I’ve been asked to speak about "How to confront Empire?" It’s a huge question, and I 
have no easy
answers. 

When we speak of confronting "Empire," we need to identify what "Empire" means. Does 
it mean the
U.S. Government (and its European satellites), the World Bank, the International 
Monetary Fund,
the World Trade Organization, and multinational corporations? Or is it something more 
than that? 

In many countries, Empire has sprouted other subsidiary heads, some dangerous 
byproducts —
nationalism, religious bigotry, fascism and, of course terrorism. All these march arm 
in arm with
the project of corporate globalization. 

Let me illustrate what I mean. India — the world’s biggest democracy — is currently at 
the
forefront of the corporate globalization project.
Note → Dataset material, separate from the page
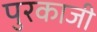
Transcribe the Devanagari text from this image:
पुरकाजी
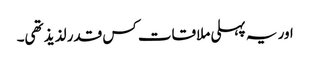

Its "market" of one billion people 
is being
prized open by the WTO. Corporatization and Privatization are being welcomed by the 
Government and
the Indian elite. 

It is not a coincidence that the Prime Minister, the Home Minister, the Disinvestment 
Minister —
the men who signed the deal with Enron in India, the men who are selling the country’s
infrastructure to corporate multinationals, the men who want to privatize water, 
electricity, oil,
coal, steel, health, education and telecommunication — are all members or admirers of 
the RSS. The
RSS is a right wing, ultra-nationalist Hindu guild which has openly admired Hitler and 
his
methods. 

The dismantling of democracy is proceeding with the speed and efficiency of a 
Structural
Adjustment Program. While the project of corporate globalization rips through people’s 
lives in
India, massive privatization, and labor "reforms" are pushing people off their land 
and out of
their jobs. Hundreds of impoverished farmers are committing suicide by consuming 
pesticide.
Reports of starvation deaths are coming in from all over the country. 

While the elite journeys to its imaginary destination somewhere near the top of the 
world, the
dispossessed are spiraling downwards into crime and chaos. This climate of frustration 
and
national disillusionment is the perfect breeding ground, history tells us, for 
fascism. 

The two arms of the Indian Government have evolved the perfect pincer action. While 
one arm is
busy selling India off in chunks, the other, to divert attention, is orchestrating a 
howling,
baying chorus of Hindu nationalism and religious fascism. It is conducting nuclear 
tests,
rewriting history books, burning churches, and demolishing mosques. Censorship, 
surveillance, the
suspension of civil liberties and human rights, the definition of who is an Indian 
citizen and who
is not, particularly with regard to religious minorities, is becoming common practice 
now. 

Last March, in the state of Gujarat, two thousand Muslims were butchered in a 
State-sponsored
pogrom. Muslim women were specially targeted. They were stripped, and gang-raped, 
before being
burned alive. Arsonists burned and looted shops, homes, textiles mills, and mosques. 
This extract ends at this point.